Next, we counted the total number of increasing risks (higher risk than average, ↑) and decreasing risks (lower risk than average, ↓) in the three companies’ predictions for the three volunteers. We observed that the number of increasing risks was 54 and the number of decreasing risks was 105 (Table 1). Therefore, we observed that each company reported protective test results (decreasing risks) nearly two times more frequently than susceptible test results (increasing risks).

Distributions of RRs

Next, we visualized disease risk distributions to determine the characteristics of variations of the three DTC companies’ risk predictions. We compared these differences by plotting minimum, maximum and average values of RRs for each of the three samples for 22 disease conditions. The results are shown in Figure 1.

Figure 1
figure 1

Relative disease risk distributions assigned by the three direct-to-consumer genetic test (DTC) services for a series of diseases. The relative risk (RR) (log-scale) distributions assigned by the three DTC services for the 22 disease conditions in the three Japanese samples are shown. The blue, red and green bars represent the disease risk variation (from minimum to maximum values in the three Japanese individuals’ log-scale RRs) for 23andMe, Navigenics and deCODEme, respectively. Values in parentheses indicate the number of single nucleotide polymorphisms (SNPs) analyzed.

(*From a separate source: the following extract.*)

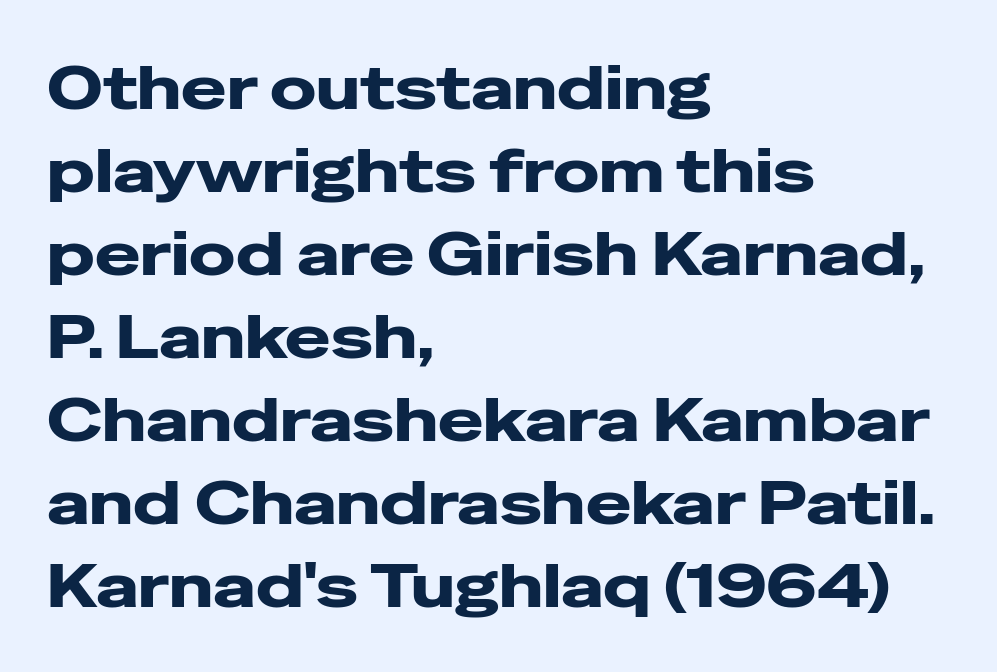
The image shows 61 px heavy, wide sans-serif type, upright; set left-aligned, normal line spacing (1.36x), normal letter spacing, not underlined; low stroke contrast and a medium x-height.

The predictions by the three companies were related but not identical. Variations between minimum and maximum disease RRs varied widely from disease to disease, and the three DTC companies exhibited different variations. Navigenics had the largest variation of RRs in the three DTC companies’ predictions, followed by deCODEme and 23andMe. Celiac disease had the largest variation of all the 22 diseases, followed by macular degeneration and Alzheimer’s disease. Abdominal aortic aneurysm had the smallest variation of all the 22 diseases, followed by psoriasis, RA and obesity.

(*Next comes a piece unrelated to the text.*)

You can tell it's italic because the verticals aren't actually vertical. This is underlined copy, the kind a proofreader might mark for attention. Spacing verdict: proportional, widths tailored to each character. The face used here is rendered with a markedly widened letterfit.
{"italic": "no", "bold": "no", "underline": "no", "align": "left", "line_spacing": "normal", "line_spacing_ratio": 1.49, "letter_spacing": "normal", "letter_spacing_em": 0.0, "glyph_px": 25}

Increasing risk versus decreasing risk in RR distributions

Next, we calculated the average RRs of the three volunteers based on the algorithms of each of the companies. The average RRs calculated from the results of 23andMe, Navigenics and deCODEme were 0.95, 0.96 and 1.03, respectively, and the combined average RR of all three companies was 0.98. We also calculated the average RRs for RR>1 (susceptible test results) and the average of inverse of RRs for RR<1 (protective test results). In RR>1, the average RRs calculated from the results of 23andMe, Navigenics and deCODEme were 1.63, 1.82 and 1.76, respectively, and the combined average RR of all three companies was 1.74. In RR<1, the average of inverse of RRs calculated from the results of 23andMe, Navigenics and deCODEme were 2.20, 2.73 and 1.72, respectively, and the combined inverse of RR of all three companies was 2.22.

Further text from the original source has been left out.